« Allô ! » A peine prononcée, cette formule magique dessine un visage. « C’est moi… » « Allô ! » Ce seul mot, prononcé par le philosophe Emmanuel Levinas (1905-1995), servait de signature. Dans sa manière de le prononcer, de l’expulser avec une panique de noyé, il signifiait toute sa vie, ou le pan caché d’une autre vie, comme le raconte son biographe Salomon Malka ( Levinas, la vie et la trace, Lattès, 2002). Et, quand Piaf s’étonne devant un homme qu’elle croise – « Mais vous pleurez, Milord ! » -, elle témoigne avec les mots d’un autre mais avec sa voix rauque de sa compassion et de son vrai visage.
La voix nue possède aussi le don unique de charrier avec elle le vent de l’Histoire. Une voix puissante peut faire se lever un peuple (celle du général de Gaulle) ; une voix peut aussi le fasciner et le dompter (celle d’Hitler). La voix est un charme dont il ne faudrait pas laisser l’étude aux seuls spécialistes. Quand surgit du parvis du Panthéon, en 1964, la voix vrillée d’André Malraux évoquant la Résistance et le combat de Jean Moulin (1899-1943), c’est toute une génération qui reste marquée, comme frappée d’un sceau, par un timbre particulier, une emphase sidérante, le sortilège d’un discours porté par un grain de voix exceptionnel.
Et chaque voix a son grain. Ce grain qui accroche, retient, irrite… Ce grain qui attrape. « Le grain, c’est le corps dans la voix qui chante, dans la main qui écrit, dans le membre qui exécute », a relevé Roland Barthes. Le grain est une chair, il donne à la voix son épaisseur, sa compacité, sa sensualité. C’est lui qui habite la voix, qui la fait chanter, murmurer, vibrer, éclater. C’est lui qui permet de contester l’assertion de Buffon, le grand Buffon (1707-1788), qui disait dans une formule lapidaire : « Le style, c’est l’homme. »

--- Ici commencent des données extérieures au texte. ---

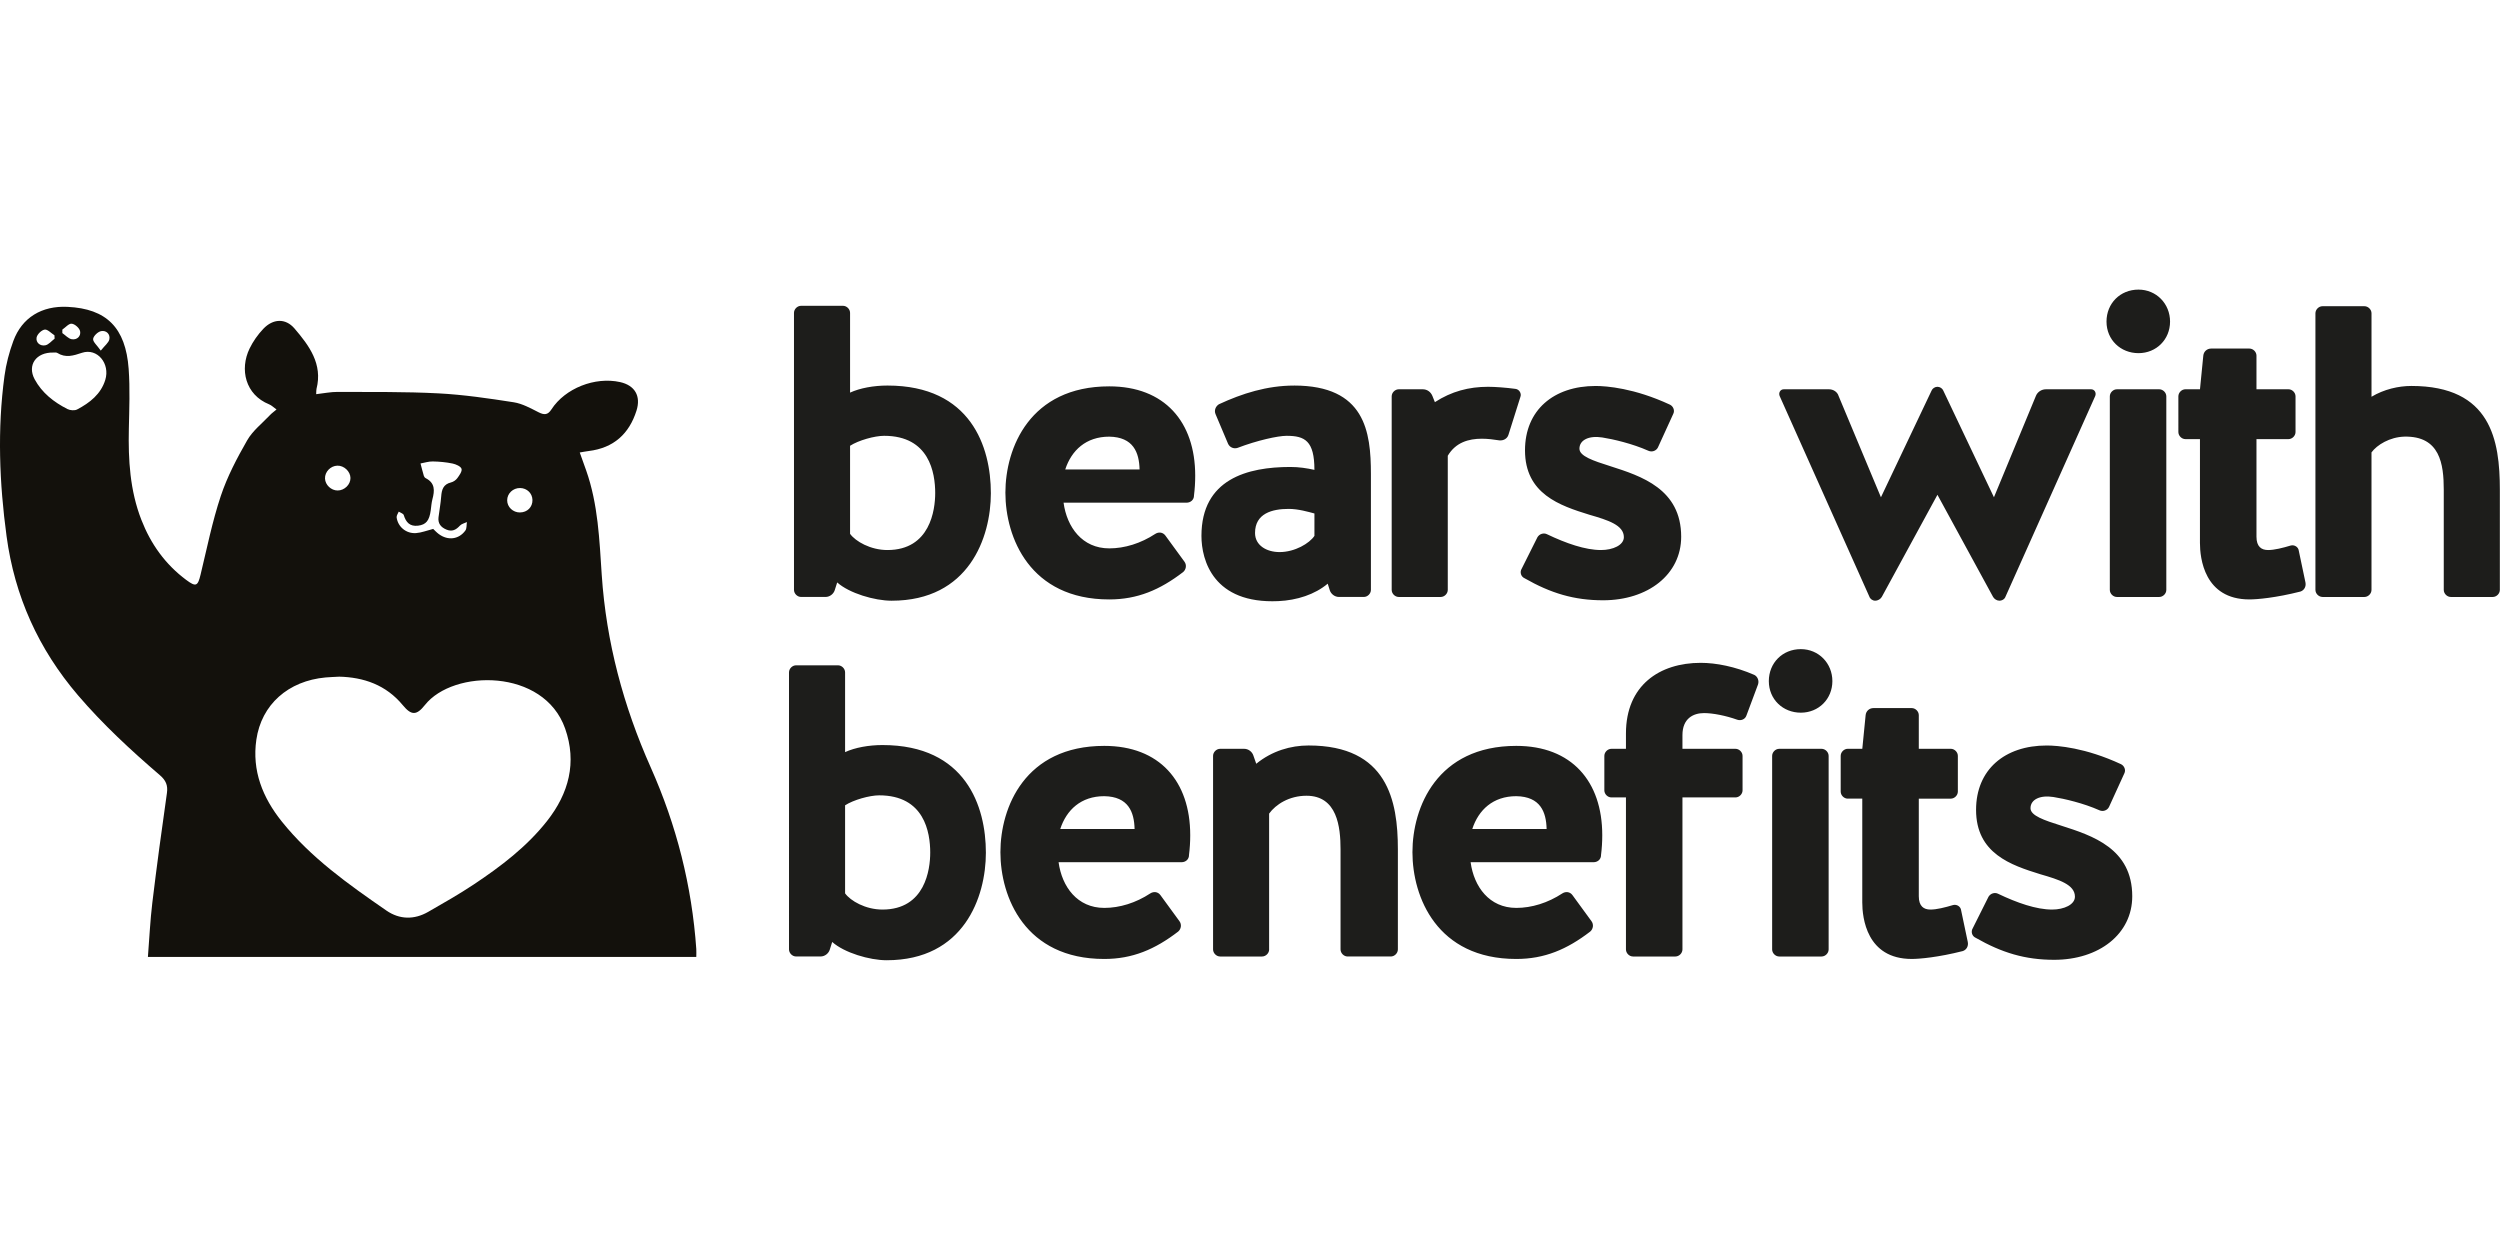 <?xml version="1.0"?>
<svg xmlns="http://www.w3.org/2000/svg" viewBox="0 -134.812 1163.75 581.875"><path d="M461.25 94.74c0 20.69-10.25 50.08-46.21 50.08-7.93 0-19.72-3.48-25.33-8.51l-1.16 3.67c-.58 1.74-2.32 3.09-4.25 3.09h-11.41c-1.74 0-3.29-1.55-3.29-3.29V10.83c0-1.74 1.55-3.29 3.29-3.29h19.53c1.74 0 3.29 1.55 3.29 3.29v37.12c4.64-2.13 11.02-3.29 17.4-3.29 38.86 0 48.14 28.61 48.14 50.08m-25.91 0c0-9.47-2.71-26.68-23.78-26.68-4.45 0-11.99 2.13-15.85 4.64v40.99c2.51 3.48 9.47 7.54 17.4 7.54 19.91 0 22.23-18.75 22.23-26.49M555.8 95.9c0 1.93-1.55 3.29-3.48 3.29h-57.23c1.55 11.41 8.7 21.27 21.27 21.27 7.15 0 14.69-2.32 21.46-6.77 1.55-.97 3.48-.77 4.64.77l8.89 12.18c1.16 1.55.77 3.67-.58 4.83-10.83 8.31-21.27 12.76-34.42 12.76-36.93 0-48.34-28.81-48.34-49.69s11.41-49.5 48.34-49.5c25.71 0 40.02 16.43 40.02 41.57 0 3.09-.19 6.19-.58 9.28Zm-25.33-12.18c-.19-7.93-2.9-15.08-14.11-15.27-10.83 0-17.59 6.38-20.49 15.27h34.61Zm71.92-39.06c33.06 0 35.77 21.46 35.77 41.18v53.94c0 1.74-1.55 3.29-3.29 3.29h-11.6c-1.93 0-3.67-1.35-4.25-3.09l-.97-3.09c-5.99 5.03-14.31 7.73-23.01 8.12-30.16 1.35-35.77-18.95-35.77-30.36 0-26.49 21.46-32.09 41.38-32.09 4.06 0 7.73.58 11.21 1.35 0-13.53-4.45-15.85-12.95-15.85-4.06 0-13.73 2.13-22.81 5.61-1.74.58-3.67-.19-4.45-1.93l-5.8-13.73c-.77-1.74 0-3.67 1.55-4.64 10.83-5.03 22.43-8.7 35-8.7Zm9.48 59.55c-2.9-.77-7.54-2.13-11.99-2.13-7.73 0-15.66 2.13-15.66 11.21 0 5.8 5.41 8.89 11.41 8.89 7.15 0 13.92-4.06 16.24-7.54V104.2Zm90.29-36.54c-.58 1.74-2.32 2.71-4.25 2.51-2.51-.39-5.22-.77-8.12-.77-6.19 0-12.18 1.74-15.85 7.93v62.45c0 1.74-1.55 3.29-3.29 3.29h-19.53c-1.74 0-3.29-1.55-3.29-3.29v-90.1c0-1.74 1.55-3.29 3.29-3.29h11.21c1.93 0 3.67 1.16 4.45 3.09l1.16 2.9c7.73-5.03 15.85-7.15 24.75-7.15 3.29 0 8.51.39 12.76.97 1.74.19 2.9 2.13 2.32 3.67zm47.37 14.5c14.5 4.64 33.06 10.63 33.06 32.87 0 17.59-15.47 29.58-36.35 29.58-13.53 0-24.36-3.29-36.54-10.25-1.74-.77-2.32-2.9-1.35-4.45l7.35-14.69c.97-1.55 2.9-2.13 4.45-1.35 8.89 4.25 17.79 7.35 25.13 7.35 5.61 0 10.63-2.32 10.63-5.99 0-5.61-7.35-7.93-16.05-10.44-13.73-4.25-29.97-9.67-29.97-29.97 0-18.75 13.34-29.97 32.87-29.97 5.03 0 17.98.97 34.61 8.7 1.55.77 2.32 2.71 1.55 4.25l-7.15 15.66c-.77 1.55-2.71 2.32-4.45 1.55-7.35-3.29-16.43-5.41-21.46-6.19-6.19-.97-10.63 1.16-10.63 5.22 0 3.48 6.38 5.61 14.31 8.12Zm178.65 14.5 19.53-47.18c.77-1.93 2.71-3.09 4.64-3.09h21.07c1.55 0 2.51 1.55 1.93 3.09l-41.76 93.39c-.39 1.16-1.55 1.93-2.9 1.93-1.16 0-2.32-.77-2.9-1.74l-25.91-47.56-25.91 47.56c-.58.97-1.74 1.74-3.09 1.74-1.16 0-2.32-.77-2.71-1.93l-41.76-93.39c-.58-1.55.39-3.09 1.93-3.09h21.07c1.93 0 3.87 1.16 4.45 3.09l19.72 47.18 23.59-49.69c.39-.97 1.55-1.74 2.71-1.74s2.32.77 2.71 1.74zM995.47 0c8.31 0 14.69 6.57 14.69 14.89s-6.38 14.69-14.69 14.69-14.89-6.19-14.89-14.69S986.96 0 995.47 0m12.95 139.79c0 1.74-1.55 3.29-3.29 3.29h-19.72c-1.74 0-3.29-1.55-3.29-3.29v-90.1c0-1.74 1.55-3.29 3.29-3.29h19.72c1.74 0 3.29 1.55 3.29 3.29zm8.9-70.19c-1.74 0-3.29-1.55-3.29-3.29V49.68c0-1.74 1.55-3.29 3.29-3.29h6.77l1.55-15.66c.19-1.93 1.74-3.29 3.67-3.29h17.79c1.74 0 3.29 1.55 3.29 3.29v15.66h14.89c1.74 0 3.29 1.55 3.29 3.29v16.63c0 1.74-1.55 3.29-3.29 3.29h-14.89v45.44c0 4.64 2.32 6.19 5.41 6.19 2.9 0 6.77-.97 10.63-2.13 1.74-.39 3.48.77 3.67 2.51l3.09 14.69c.39 1.93-.58 3.67-2.32 4.25-11.41 2.9-20.11 3.67-23.78 3.67-21.07 0-23.01-19.33-23.01-26.29V69.59h-6.77Zm63.8 73.47c-1.74 0-3.29-1.55-3.29-3.29V11.02c0-1.74 1.55-3.29 3.29-3.29h19.53c1.74 0 3.29 1.55 3.29 3.29v38.86c5.8-3.48 12.57-5.03 18.56-5.03 37.12 0 41.18 25.33 41.18 48.34v46.6c0 1.74-1.55 3.29-3.29 3.29h-19.53c-1.74 0-3.29-1.55-3.29-3.29v-46.6c0-11.99-1.74-25.13-18.37-24.75-6.77.19-12.76 3.87-15.27 7.35v64c0 1.74-1.55 3.29-3.29 3.29h-19.53ZM458.93 262.1c0 20.69-10.25 50.08-46.21 50.08-7.93 0-19.72-3.48-25.33-8.51l-1.16 3.67c-.58 1.74-2.32 3.09-4.25 3.09h-11.41c-1.74 0-3.29-1.55-3.29-3.29V178.18c0-1.74 1.55-3.29 3.29-3.29h19.53c1.74 0 3.29 1.55 3.29 3.29v37.12c4.64-2.13 11.02-3.29 17.4-3.29 38.86 0 48.14 28.61 48.14 50.08Zm-25.91 0c0-9.47-2.71-26.68-23.78-26.68-4.45 0-11.99 2.13-15.85 4.64v40.99c2.51 3.48 9.47 7.54 17.4 7.54 19.92 0 22.23-18.75 22.23-26.49m120.46 1.16c0 1.93-1.55 3.29-3.48 3.29h-57.23c1.55 11.41 8.7 21.27 21.27 21.27 7.15 0 14.69-2.32 21.46-6.77 1.55-.97 3.48-.77 4.64.77l8.89 12.18c1.16 1.55.77 3.67-.58 4.83-10.83 8.31-21.27 12.76-34.42 12.76-36.93 0-48.34-28.81-48.34-49.69s11.41-49.5 48.34-49.5c25.71 0 40.02 16.43 40.02 41.57 0 3.09-.19 6.19-.58 9.28Zm-25.33-12.18c-.19-7.93-2.9-15.08-14.11-15.27-10.83 0-17.59 6.38-20.49 15.27h34.61Zm62.64 56.07c0 1.74-1.55 3.29-3.29 3.29h-19.53c-1.74 0-3.29-1.55-3.29-3.29v-90.1c0-1.74 1.55-3.29 3.29-3.29h11.21c1.93 0 3.67 1.35 4.25 3.09l1.35 3.87c7.35-5.99 16.05-8.51 24.36-8.51 36.74 0 41.57 25.71 41.57 48.34v46.6c0 1.74-1.55 3.29-3.29 3.29h-20.11c-1.74 0-3.29-1.55-3.29-3.29v-46.6c0-10.44-1.55-24.94-15.85-24.94-8.12 0-14.31 4.06-17.4 8.31v63.22Zm154.49-43.89c0 1.93-1.55 3.29-3.48 3.29h-57.23c1.55 11.41 8.7 21.27 21.27 21.27 7.15 0 14.69-2.32 21.46-6.77 1.55-.97 3.48-.77 4.64.77l8.89 12.18c1.16 1.55.77 3.67-.58 4.83-10.83 8.31-21.27 12.76-34.42 12.76-36.93 0-48.34-28.81-48.34-49.69s11.41-49.5 48.34-49.5c25.71 0 40.02 16.43 40.02 41.57 0 3.09-.19 6.19-.58 9.28Zm-25.33-12.18c-.19-7.93-2.9-15.08-14.11-15.27-10.83 0-17.59 6.38-20.49 15.27h34.61Zm93-52.79c-.58 1.74-2.51 2.51-4.25 1.93-5.41-1.93-11.41-3.09-15.47-3.09-5.03 0-10.05 2.51-10.05 10.25v6.38h24.69c1.74 0 3.29 1.55 3.29 3.29v16.05c0 1.74-1.55 3.29-3.29 3.29h-24.69v70.76c0 1.74-1.55 3.29-3.29 3.29h-19.72c-1.74 0-3.29-1.55-3.29-3.29v-70.76h-6.77c-1.74 0-3.29-1.55-3.29-3.29v-16.05c0-1.74 1.55-3.29 3.29-3.29h6.77v-7.15c0-22.43 15.66-32.87 34.8-32.87 7.15 0 16.05 1.74 24.94 5.61 1.55.77 2.32 2.71 1.74 4.45l-5.41 14.5Zm25.33-30.93c8.31 0 14.69 6.57 14.69 14.89s-6.38 14.69-14.69 14.69-14.89-6.19-14.89-14.69 6.38-14.89 14.89-14.89m12.95 139.79c0 1.74-1.55 3.29-3.29 3.29h-19.72c-1.74 0-3.29-1.55-3.29-3.29v-90.1c0-1.74 1.55-3.29 3.29-3.29h19.72c1.74 0 3.29 1.55 3.29 3.29zm8.9-70.19c-1.74 0-3.29-1.55-3.29-3.29v-16.63c0-1.74 1.55-3.29 3.29-3.29h6.77l1.55-15.66c.19-1.93 1.74-3.29 3.67-3.29h17.79c1.74 0 3.29 1.55 3.29 3.29v15.66h14.89c1.74 0 3.29 1.55 3.29 3.29v16.63c0 1.74-1.55 3.29-3.29 3.29H893.2v45.44c0 4.64 2.32 6.19 5.41 6.19 2.9 0 6.77-.97 10.63-2.13 1.74-.39 3.48.77 3.67 2.51l3.09 14.69c.39 1.93-.58 3.67-2.32 4.25-11.41 2.9-20.11 3.67-23.78 3.67-21.07 0-23.01-19.33-23.01-26.29v-48.34h-6.77Zm99.37 12.57c14.5 4.64 33.06 10.63 33.06 32.87 0 17.59-15.47 29.58-36.35 29.58-13.53 0-24.36-3.29-36.54-10.25-1.74-.77-2.32-2.9-1.35-4.45l7.35-14.69c.97-1.55 2.9-2.13 4.45-1.35 8.89 4.25 17.79 7.35 25.13 7.35 5.61 0 10.63-2.32 10.63-5.99 0-5.61-7.35-7.93-16.05-10.44-13.73-4.25-29.97-9.67-29.97-29.97 0-18.75 13.34-29.97 32.87-29.97 5.03 0 17.98.97 34.61 8.7 1.55.77 2.32 2.71 1.55 4.25l-7.15 15.66c-.77 1.55-2.71 2.32-4.45 1.55-7.35-3.29-16.43-5.41-21.46-6.19-6.19-.97-10.63 1.16-10.63 5.22 0 3.48 6.38 5.61 14.31 8.12Z" style="fill:#1d1d1b"/><path d="M68.85 310.66c.69-8.66 1.06-17.04 2.07-25.35 2.06-17.03 4.36-34.02 6.79-51.01.51-3.55-.53-5.89-3.25-8.23-13.53-11.61-26.57-23.69-38.15-37.22-18.47-21.61-29.5-46.22-33.25-74.03-3.36-24.87-4.34-49.75-.97-74.66.74-5.5 2.19-11.01 4.12-16.25C10.24 13 19.46 7.44 31.46 8.03c18.07.87 27.03 9.63 28.43 28.85.67 9.27.28 18.62.09 27.94-.31 14.43.5 28.69 5.84 42.38 4.35 11.17 11.08 20.67 20.9 27.97 4.52 3.36 5.35 2.87 6.64-2.47 2.96-12.25 5.44-24.66 9.41-36.61 3-9.01 7.54-17.64 12.31-25.96 2.54-4.44 6.98-7.88 10.61-11.73.78-.84 1.75-1.5 3.03-2.59-1.36-.98-2.28-1.93-3.41-2.39-11.19-4.51-13.79-16.35-9.14-25.96 1.6-3.32 3.84-6.5 6.41-9.21 4.5-4.73 10.3-5.05 14.5-.16 6.87 8.02 13.21 16.59 10.25 28.13-.13.54-.07 1.12-.15 2.46 3.5-.39 6.77-1.08 10.03-1.06 15.63.07 31.29-.13 46.89.68 11.73.61 23.43 2.34 35.05 4.15 4.01.63 7.86 2.79 11.57 4.66 2.67 1.35 4.31 1.24 5.96-1.33 6.37-9.86 20.31-15.33 31.98-12.73 6.85 1.53 9.79 6.48 7.62 13.31-3.38 10.67-10.49 17.34-22.25 18.78-1.29.16-2.59.42-4.16.68 1.05 2.93 2.05 5.65 3 8.38 5.55 15.78 6.15 32.26 7.24 48.66 2.09 31.18 10.07 60.98 22.8 89.55 12.05 27.06 19.16 55.18 21.21 84.54.08 1.14 0 2.29 0 3.68H68.85Zm88.81-130.47c-2.25.13-4.17.18-6.09.35-17.41 1.59-29.88 12.64-32.24 28.97-2.09 14.39 2.88 26.9 11.86 38.11 13.48 16.82 31.02 29.24 48.69 41.44 6.1 4.2 12.91 4.35 19.44.6 7.14-4.1 14.33-8.18 21.17-12.73 12.64-8.41 24.71-17.58 34.11-29.5 10.21-12.94 14.02-27.33 8.46-43.12-9.9-28.1-52.06-27.64-65.28-10.92-3.93 4.96-6.33 4.84-10.29.05-7.78-9.4-18.12-13.03-29.84-13.27v.03ZM24.83 29.3c-8.04-.18-12.25 5.85-8.7 12.45 3.39 6.28 8.91 10.64 15.31 13.87 1.21.61 3.3.78 4.44.18 5.94-3.11 11.08-7.16 13.12-13.74 2.37-7.64-3.73-14.99-10.8-12.66-4.11 1.37-7.64 2.51-11.54.07-.54-.33-1.41-.14-1.83-.17m176.79 82.07c.71.67 1.59 1.65 2.64 2.42 4.21 3.12 9.3 2.55 12.35-1.62.73-.99.51-2.61.73-3.96-1.1.54-2.48.82-3.25 1.66-1.79 1.95-3.64 2.96-6.31 1.83-2.63-1.11-4.01-2.91-3.65-5.75.4-3.24 1.01-6.46 1.25-9.72.24-3.1.94-5.6 4.58-6.48 1.09-.26 2.26-1.08 2.91-1.97.96-1.32 2.33-3.2 1.97-4.36-.36-1.15-2.6-2.13-4.17-2.46-3.02-.63-6.14-.91-9.22-.97-1.9-.04-3.8.6-5.7.94.51 1.92.98 3.87 1.55 5.77.12.42.48.89.88 1.08 4.42 2.26 4.17 5.82 3.12 9.76-.44 1.68-.56 3.45-.79 5.19-.65 4.81-2.17 6.7-5.9 7.16-3.89.48-5.66-1.65-6.67-4.95-.22-.69-1.52-1.07-2.33-1.59-.35.89-1.09 1.84-.98 2.68.58 4.39 4.43 7.63 9.04 7.31 2.53-.18 5-1.19 7.99-1.95v-.03Zm-38.48-23.69c-.04-3.04-3-5.82-6.1-5.73-3.19.09-5.88 2.91-5.75 6.01.12 2.96 2.86 5.55 5.87 5.55 3.18 0 6.02-2.76 5.98-5.82Zm78.93 16.05c3.41-.04 5.86-2.51 5.79-5.81-.07-3.11-2.54-5.51-5.74-5.56-3.29-.05-6.02 2.51-6.03 5.69-.03 3.15 2.71 5.73 5.98 5.69ZM25.42 22.85c-.03-.54-.04-1.06-.07-1.59-1.54-.97-3.2-2.85-4.55-2.65-1.48.21-3.5 2.21-3.77 3.68-.42 2.31 1.6 4.11 4.04 3.64 1.59-.3 2.91-2.01 4.34-3.08zm21.49 5.55c1.89-2.38 3.66-3.66 3.99-5.24.51-2.42-1.41-4.28-3.81-3.84-1.52.29-3.58 2.25-3.74 3.64-.15 1.36 1.82 2.94 3.55 5.43h.01Zm-17.89-9.78v1.62c1.47 1.01 2.81 2.6 4.4 2.86 2.52.42 4.35-1.53 3.86-3.76-.31-1.44-2.41-3.32-3.89-3.47-1.33-.16-2.92 1.75-4.39 2.76h.01Z" style="fill:#13110c"/></svg>

Deux siècles plus tard, osons l’affirmer : « La voix c’est la fe mme », alors que celle d’Edith Piaf résonne de plus belle. La voix de Piaf porte la griffe des secrets de son enfance. C’est une voix de gueule et de gouaille. Indémodable pour l’instant. Donc véritablement exceptionnelle, car les voix se démodent presque aussi vite que les vêtements. C’est l’un des nombreux mystères des voix. Elles nous résument et nous condamnent à notre temps. Comment parlait César ? Sur quel ton ? Quel était son timbre, son rythme, ses inflexions de voix ? Nous ne le saurons jamais. Et nous serions de toute manière désagréablement surpris. Comment Robespierre plaçait-il sa voix ? Et Danton ? Et Saint-Just ? Leurs voix étaient-elles chaudes ou métalliques ?
Jusqu’à présent, nulle voix n’est jamais parvenue à se bonifier depuis que la technique permet de les graver. Pour elles, le demi-siècle semble une éternité. Au-delà, elles semblent désuètes. Littéralement, elles nous éloignent et nous mettent mal à l’aise. Trop déconcertantes. Le cinéma parlant en donne la mesure. Avez-vous en mémoire la voix de Gérard Philipe ? Non ? Conservez plutôt le souvenir de son allure et de son regard !
Il y a encore peu, les voix étaient plus légères et sautillantes, presque suraiguës pour une oreille d’aujourd’hui. Les voix d’hommes s’envolaient, les voix de femmes crissaient. Jean Gabin était à part. Il a inauguré une époque, celle des voix bourrues et lourdes, chargées de glaise, au moment précis où les hommes désertaient la campagne. Comme de Gaulle, dont les basses ont fait vibrer les Français avant de les lasser. Mais c’est une autre histoire.